Top state officials' salaries set to rise from 2023 in Latvia

Take note – story published 2 years ago

As part of the reform of the State Administration remuneration system, starting 2023, pay will increase for high officials and some members of municipal councils, Saeima decided in the final reading of the relevant legislation November 16.

The amendments were supported by 51 members, while 33 were against.

The amendments determine the target level of monthly salaries in the public administration, bringing it to an average of 80% of the level of pay in the private sector, as well as the ratio between the permanent and variable part of the salary. The remuneration of senior officials will also be clarified, taking into account the balance of power branches and the principle of hierarchy.

The amendments provide that the salaries of higher officials would rise, whereas the bonuses and premiums would decrease.

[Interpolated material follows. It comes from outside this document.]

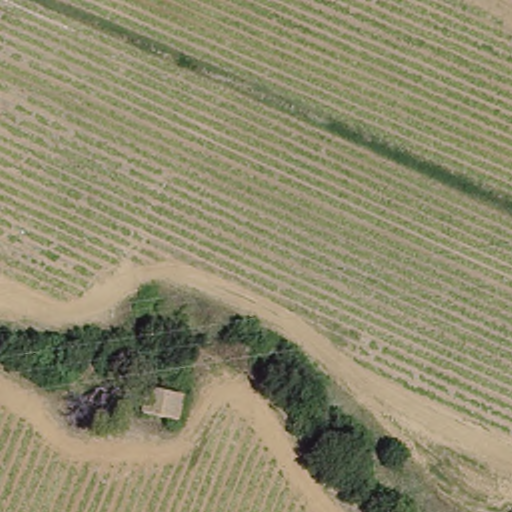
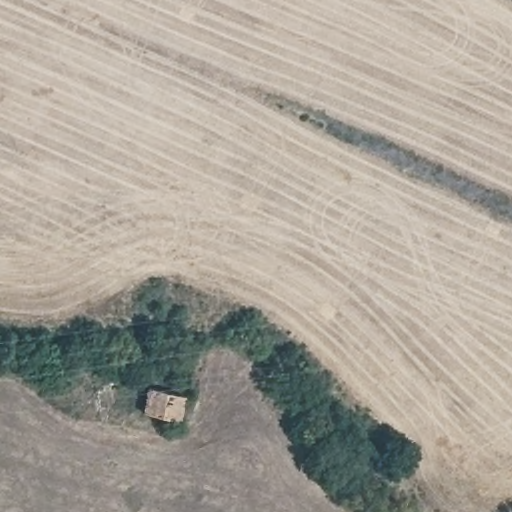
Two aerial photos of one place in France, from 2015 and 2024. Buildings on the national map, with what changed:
unchanged [(186,420),(147,411),(152,386),(191,394),(186,420)]

The changes would apply to the President of the State, the Speaker of the Saeima, the Prime Minister, the President of the Constitutional Court and the President of the Supreme Court, as well as the Prosecutor General, deputies of the Prime Minister, ministers, the State Auditor General, and the Ombudsman.

For example, in the future, the President's remuneration will be included in the overall system, with a coefficient of 7,00. This means that from the current €5,960 per month, the President's salary will rise to around €7,600 as of 2023. The same salary as the President will also be received by the Chairman of the Saeima and the Prime Minister, for whom it will mean a rise in monthly wages from around EUR 5,300 to EUR 7,600, or about a 40% rise.

The increase in salaries of the country's top officials will require an additional €6.44 million in the 2023 budget and €6.85 million in 2024.

It is intended to reduce the variable part of the remuneration – bonuses and premiums.

“Premiums are not a transparent way to pay wages,” said the Saeima deputy Krišjānis Feldmanis (New Conservative Party) in the plenary session, indicating that a 'second salary' is often paid out in premiums. Currently, premiums can be up to 60% of the monthly salary but are planned at a maximum of 30%. 

The amendments are scheduled to take effect on 1 July 2022, but the changes in the ratios for the salaries of top officials, including prosecutors, judges, and officials appointed by parliament, are scheduled to take effect on 1 January 2023.